Learning to Love Better

Valentine’s Day is right around the corner, which means that love is in the air.

Or is it?

I ask the question because I’m convinced that love is one of the more widely defined–and misunderstood–concepts in our culture. And I’m far from the first person to point out that this time of year doesn’t always lend itself to the clearest thinking on the subject.

So when you get right down to it, what does it mean to love someone in God’s eyes?

We can only begin answering that question here, so I’ll concentrate on one of the Bible’s better known teachings regarding love. When Jesus is asked to identify the greatest commandment, he replies this way:

“Love the Lord your God with all your heart and with all your soul and with all your mind.” This is the first and greatest commandment. And the second is like it: “Love your neighbor as yourself.” All the Law and the Prophets hang on these two commandments. (Matthew 22:37-40)

The second of those commands, that we’re to love our neighbor as ourselves, is likely a familiar one for most Christians. But I’m not sure how often we give much attention to what it actually involves. So, in the interest of helping us grow in our ability to love others, here are a few observations.

1. When we take the rest of the Bible’s teaching into account, we find that “neighbor” is meant to be broadly understood. It certainly applies to those we naturally have a normal affinity for, like spouses, family, friends, boyfriends/girlfriends, etc. But Jesus teaches that it includes even those we naturally view as our enemies (as in case of Jews and Samaritans; see Luke 15:25-37).

2. We’re specifically told that we’re to love our neighbor as we love ourselves. And it’s helpful to think for a minute about what this doesn’t involve. For example, we don’t have romantic feelings toward ourselves. However appropriate such feelings may be in certain relationships (and they are), and however much we should cultivate them in the same (and we should), they are not the foundational requirement of what it means to love someone.

Further, I don’t thinking loving ourselves always involves liking or approving of what we do. C.S. Lewis elaborates:

Now that I come to think of it, I have not exactly got a feeling of fondness or affection for myself, and I do not even always enjoy my own society. So apparently “Love your neighbour” does not mean “feel fond of him” or “find him attractive.”… In my most clear-sighted moments not only do I not think myself a nice man, but I know that I am a very nasty one. I can look at some of the things I have done with horror and loathing. So apparently I am allowed to loathe and hate some of the things my enemies do. …

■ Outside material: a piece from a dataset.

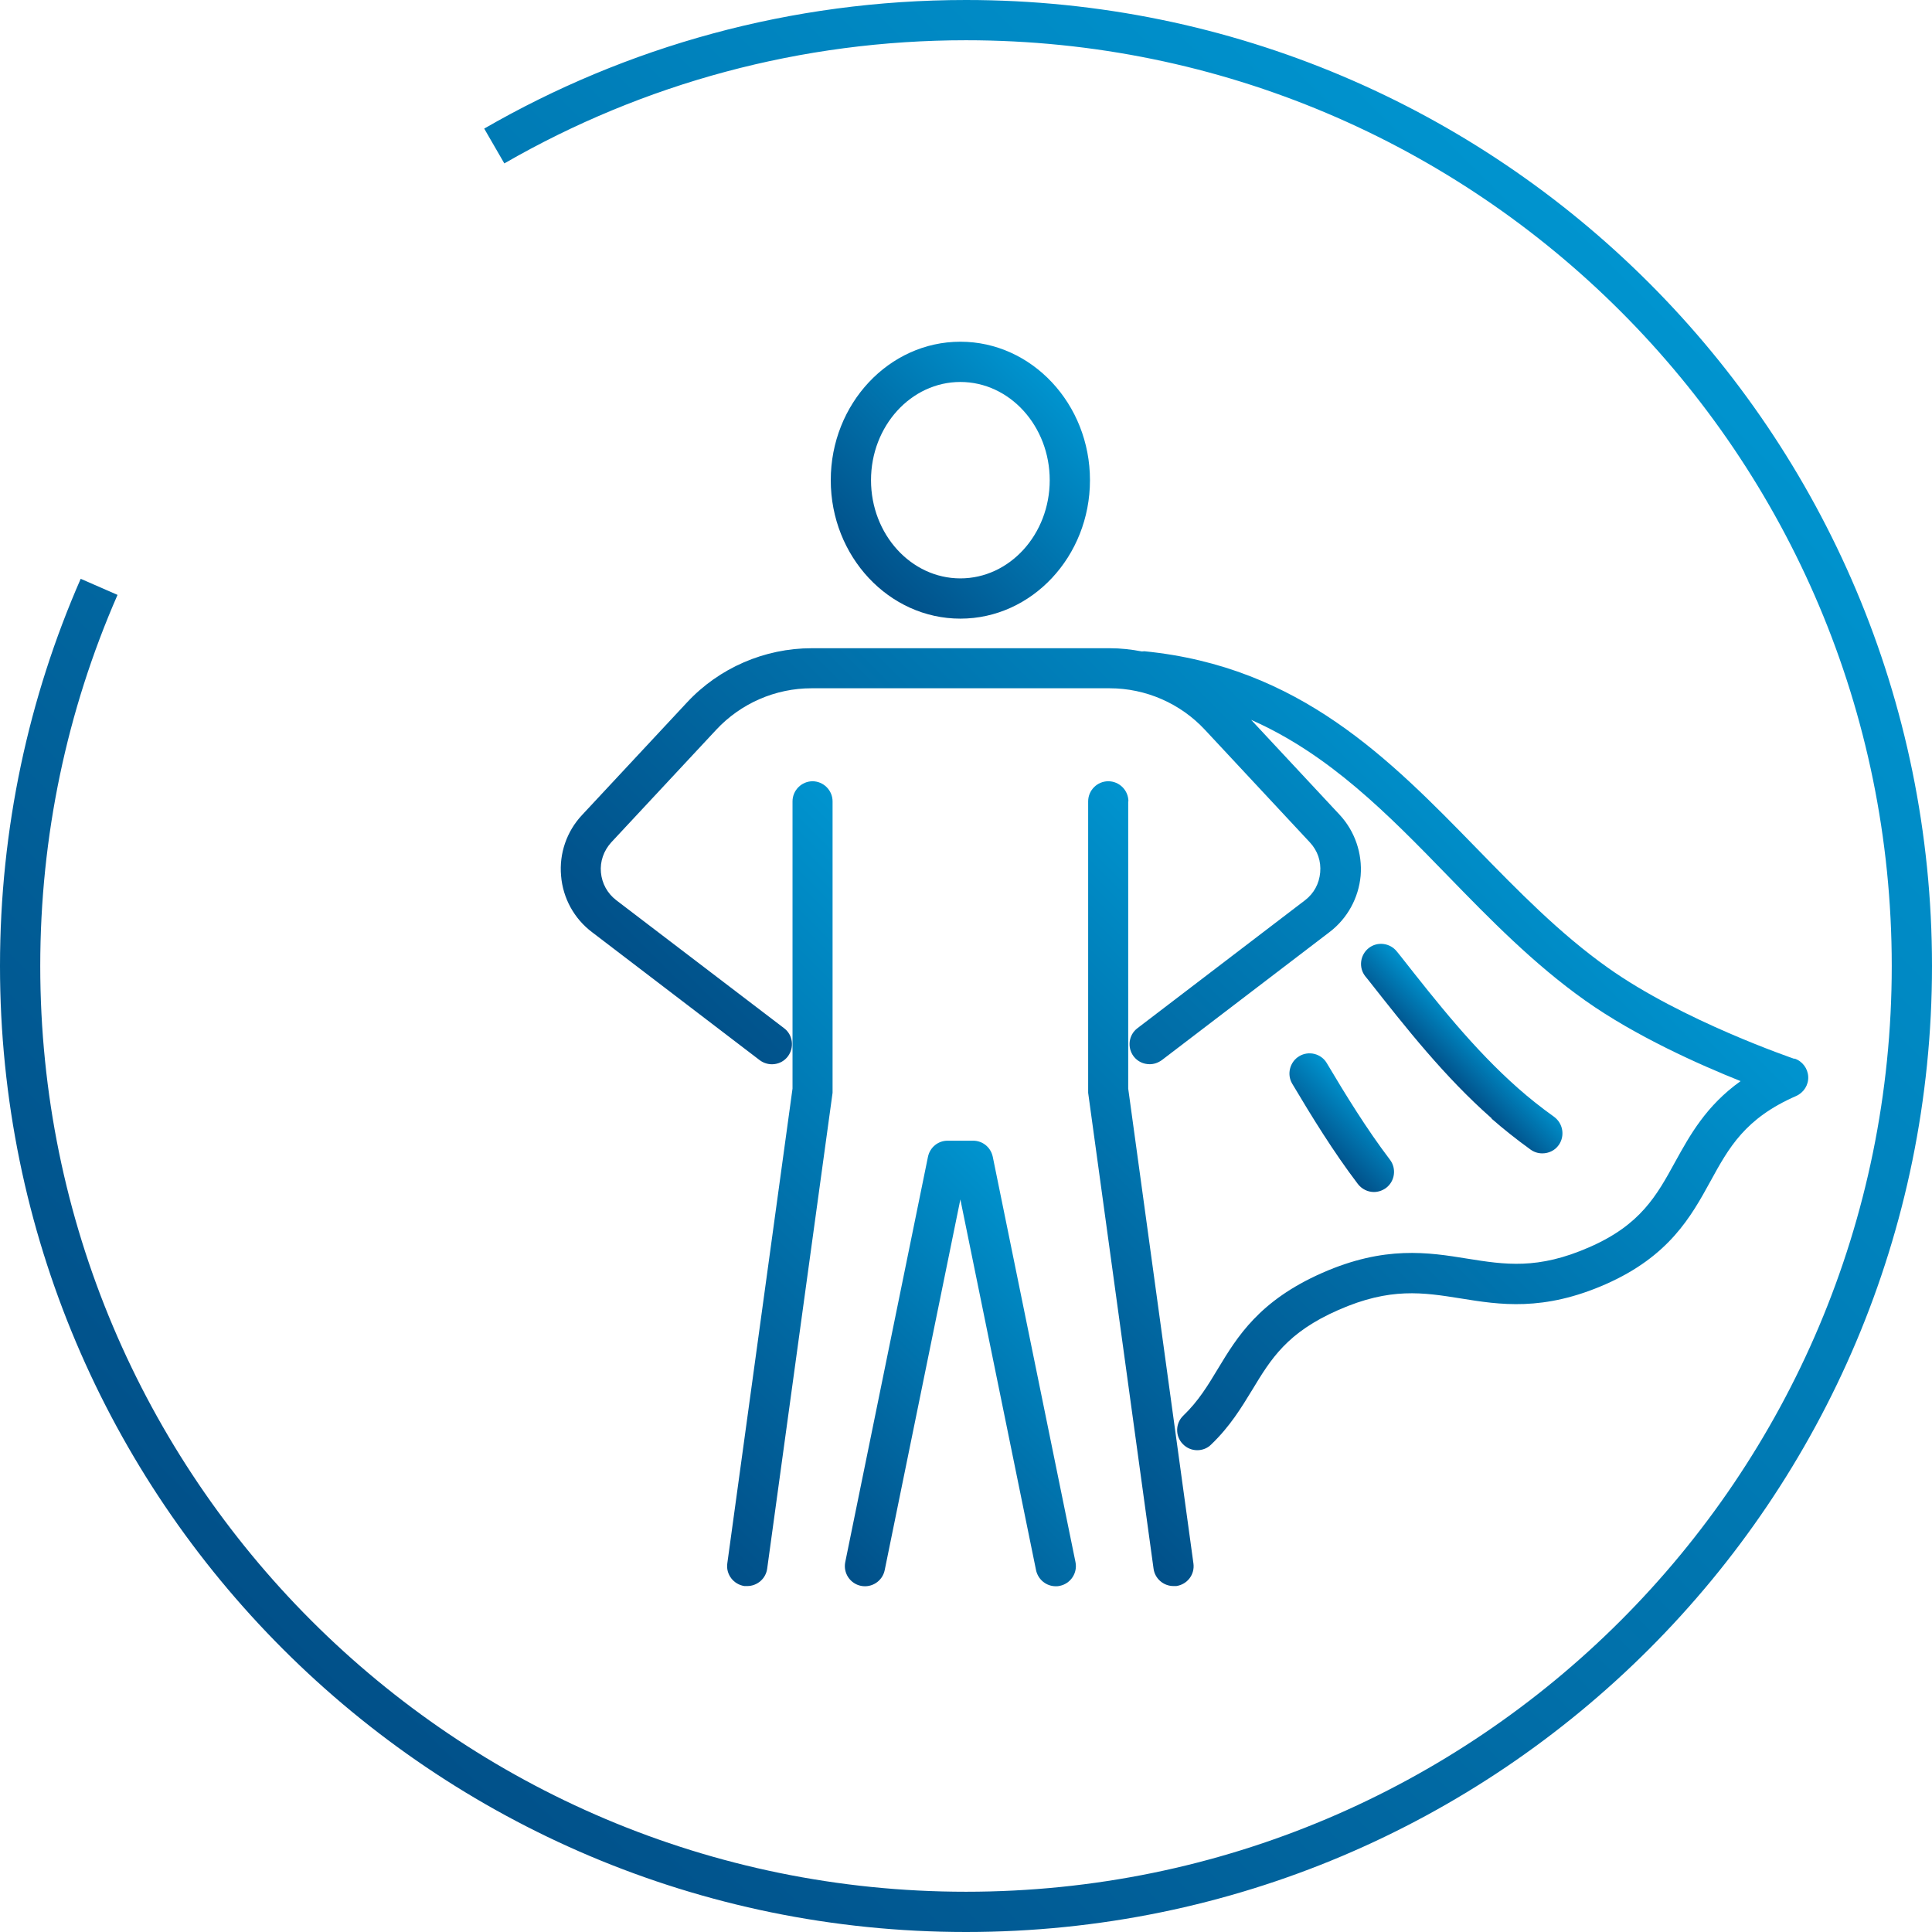 <?xml version="1.0" encoding="UTF-8"?><svg xmlns="http://www.w3.org/2000/svg" xmlns:xlink="http://www.w3.org/1999/xlink" viewBox="0 0 96 96"><defs><style>.cls-1{fill:url(#Neues_Verlaufsfeld_1-2);}.cls-1,.cls-2,.cls-3,.cls-4,.cls-5,.cls-6,.cls-7,.cls-8{stroke-width:0px;}.cls-2{fill:url(#Neues_Verlaufsfeld_1-6);}.cls-3{fill:url(#Neues_Verlaufsfeld_1-5);}.cls-4{fill:url(#Neues_Verlaufsfeld_1-4);}.cls-5{fill:url(#Neues_Verlaufsfeld_1-7);}.cls-6{fill:url(#Neues_Verlaufsfeld_1-8);}.cls-7{fill:url(#Neues_Verlaufsfeld_1-3);}.cls-8{fill:url(#Neues_Verlaufsfeld_1);}</style><linearGradient id="Neues_Verlaufsfeld_1" x1="71.76" y1="35.06" x2="44.92" y2="61.9" gradientUnits="userSpaceOnUse"><stop offset="0" stop-color="#0094cf"/><stop offset="1" stop-color="#015089"/></linearGradient><linearGradient id="Neues_Verlaufsfeld_1-2" x1="73.44" y1="51.29" x2="71.59" y2="53.13" xlink:href="#Neues_Verlaufsfeld_1"/><linearGradient id="Neues_Verlaufsfeld_1-3" x1="67.8" y1="54.66" x2="65.54" y2="56.92" xlink:href="#Neues_Verlaufsfeld_1"/><linearGradient id="Neues_Verlaufsfeld_1-4" x1="52.43" y1="19.15" x2="43.01" y2="28.57" xlink:href="#Neues_Verlaufsfeld_1"/><linearGradient id="Neues_Verlaufsfeld_1-5" x1="54.81" y1="62.72" x2="40.64" y2="76.89" xlink:href="#Neues_Verlaufsfeld_1"/><linearGradient id="Neues_Verlaufsfeld_1-6" x1="66.09" y1="49.43" x2="47.3" y2="68.21" xlink:href="#Neues_Verlaufsfeld_1"/><linearGradient id="Neues_Verlaufsfeld_1-7" x1="49.77" y1="47.8" x2="27.73" y2="69.84" xlink:href="#Neues_Verlaufsfeld_1"/><linearGradient id="Neues_Verlaufsfeld_1-8" x1="82.52" y1="14.64" x2="14.64" y2="82.52" xlink:href="#Neues_Verlaufsfeld_1"/></defs><g id="fachkraefte"><path class="cls-8" d="M89.15,52.61c-.05-.02-5.55-1.89-9.25-4.52-2.4-1.7-4.49-3.85-6.52-5.93-4.33-4.44-8.81-9.04-16.52-9.8-.04,0-.08.01-.12.01-.52-.1-1.05-.16-1.59-.16h-14.82c-2.34,0-4.6.98-6.19,2.69l-5.22,5.6c-.76.81-1.14,1.91-1.04,3.02.09,1.11.65,2.13,1.54,2.8l8.33,6.36c.44.33,1.07.25,1.4-.19.33-.44.25-1.07-.19-1.4l-8.34-6.36c-.44-.34-.71-.83-.76-1.38-.05-.55.14-1.08.51-1.49l5.22-5.6c1.22-1.31,2.94-2.06,4.73-2.06h14.82c1.79,0,3.51.75,4.73,2.06l5.22,5.6c.38.41.56.93.51,1.49s-.31,1.04-.75,1.38l-8.33,6.36c-.44.33-.52.96-.19,1.4.2.26.49.39.8.39.21,0,.42-.07.61-.21l8.33-6.36c.88-.67,1.44-1.69,1.54-2.8.09-1.11-.29-2.21-1.04-3.02l-4.4-4.72c3.89,1.72,6.79,4.68,9.79,7.77,2.09,2.15,4.25,4.36,6.8,6.17,2.51,1.78,5.7,3.2,7.73,4.01-1.72,1.23-2.52,2.69-3.25,4.01-.92,1.68-1.72,3.13-4.26,4.24-2.57,1.13-4.2.87-6.08.57-1.92-.31-4.09-.66-7.2.71-3.13,1.38-4.22,3.17-5.18,4.76-.5.83-.97,1.61-1.72,2.33-.4.38-.41,1.02-.03,1.41.2.21.46.31.72.31.25,0,.5-.09.69-.28.94-.9,1.5-1.83,2.05-2.73.92-1.52,1.72-2.84,4.28-3.96,2.57-1.13,4.2-.87,6.08-.57,1.92.31,4.09.66,7.2-.71,3.15-1.39,4.24-3.36,5.2-5.11.92-1.68,1.72-3.13,4.26-4.24.38-.17.62-.55.6-.96-.02-.41-.29-.77-.68-.9Z"/><path class="cls-1" d="M74.11,55.58c.57.5,1.22,1.02,1.94,1.54.18.13.38.19.59.19.31,0,.62-.14.81-.41.32-.45.22-1.07-.22-1.4-.67-.48-1.27-.96-1.79-1.42-2.2-1.94-4.06-4.3-5.86-6.59l-.17-.21c-.34-.43-.97-.51-1.4-.17-.43.34-.51.97-.17,1.4l.17.21c1.85,2.35,3.77,4.79,6.11,6.85Z"/><path class="cls-7" d="M64.56,52.48c-.47.28-.63.9-.35,1.37.97,1.63,2.03,3.36,3.26,4.98.2.26.5.4.8.4.21,0,.42-.07.6-.2.44-.33.53-.96.2-1.4-1.17-1.54-2.2-3.22-3.14-4.8-.28-.48-.9-.63-1.37-.35Z"/><path class="cls-4" d="M47.72,30.74c3.55,0,6.44-3.09,6.44-6.88s-2.89-6.88-6.44-6.88-6.44,3.09-6.44,6.88,2.89,6.88,6.44,6.88ZM47.72,18.98c2.45,0,4.44,2.19,4.44,4.88s-1.99,4.88-4.44,4.88-4.44-2.19-4.44-4.88,1.99-4.88,4.44-4.88Z"/><path class="cls-3" d="M49.33,57.48c-.1-.47-.5-.8-.98-.8h-1.26c-.48,0-.88.33-.98.8l-4.11,20.14c-.11.54.24,1.07.78,1.18.54.11,1.07-.24,1.18-.78l3.76-18.42,3.76,18.42c.1.47.51.8.98.8.07,0,.13,0,.2-.02.54-.11.89-.64.78-1.18l-4.11-20.14Z"/><path class="cls-2" d="M56.07,39.82c0-.55-.45-1-1-1s-1,.45-1,1v14.34s0,.09,0,.14l3.25,23.65c.07.5.5.86.99.86.04,0,.09,0,.14,0,.55-.08.93-.58.85-1.13l-3.24-23.59v-14.27Z"/><path class="cls-5" d="M40.38,38.82c-.55,0-1,.45-1,1v14.27l-3.24,23.59c-.08.55.31,1.05.85,1.13.05,0,.09,0,.14,0,.49,0,.92-.36.99-.86l3.25-23.65s0-.09,0-.14v-14.34c0-.55-.45-1-1-1Z"/></g><g id="umkreisvorlage"><g id="icon_96_blue-gradient_wirtschaftsfoerderung"><g id="symbol"><g id="Combined-Shape"><path class="cls-6" d="M48,0c26.51,0,48,21.49,48,48s-21.49,48-48,48S0,74.51,0,48c0-6.84,1.43-13.35,4.01-19.24l1.83.8c-2.52,5.76-3.84,12-3.84,18.44,0,25.41,20.59,46,46,46s46-20.59,46-46S73.41,2,48,2c-8.17,0-16.02,2.13-22.94,6.12l-1-1.73C31.11,2.32,39.28,0,48,0Z"/></g></g></g></g></svg>

For a long time I used to think this a silly, straw-splitting distinction: how could you hate what a man did and not hate the man? But years later it occurred to me that there was one man to whom I had been doing this all my life— namely myself. However much I might dislike my own cowardice or conceit or greed, I went on loving myself. There had never been the slightest difficulty about it. In fact the very reason why I hated the things was that I loved the man. Just because I loved myself, I was sorry to find that I was the sort of man who did those things. (Mere Christianity)

3. If loving ourselves doesn’t always mean we like or approve of ourselves, what does it mean? Here’s Lewis again:

That is what is meant in the Bible by loving [a neighbor, including an enemy]: wishing his good, not feeling fond of him nor saying he is nice when he is not.

It’s not that we don’t ever make bad choices or engage in some kind of self-destructive behavior. But generally speaking, we want what’s genuinely good for ourselves. And that’s what we’re called to do for others: desire and encourage their good. But notice that this might involve a wide variety of actions and choices. For example, a woman might be no less loving when she disciplines her young children to teach them honesty than when she writes a sweet Valentines Day card to her husband.

Of course there’s more we could add to the picture. We tend to believe the best about ourselves. We’re often very patient with our own faults and limitations. And much of the time at least, we’re willing to forgive ourselves for doing something wrong. I suspect that loving others like ourselves means that we’re willing to do the same for them. (For more on how love is expressed in  concrete actions an attitudes associated, see 1 Corinthians 13.)

I’ll conclude with a practical exercise. Think about two or three people you interact with on a regular basis (it could be a family member, friend, co-worker, etc.). What would it look like for you to love that person more like you love yourself? Ask God for the grace to begin living that out more and more.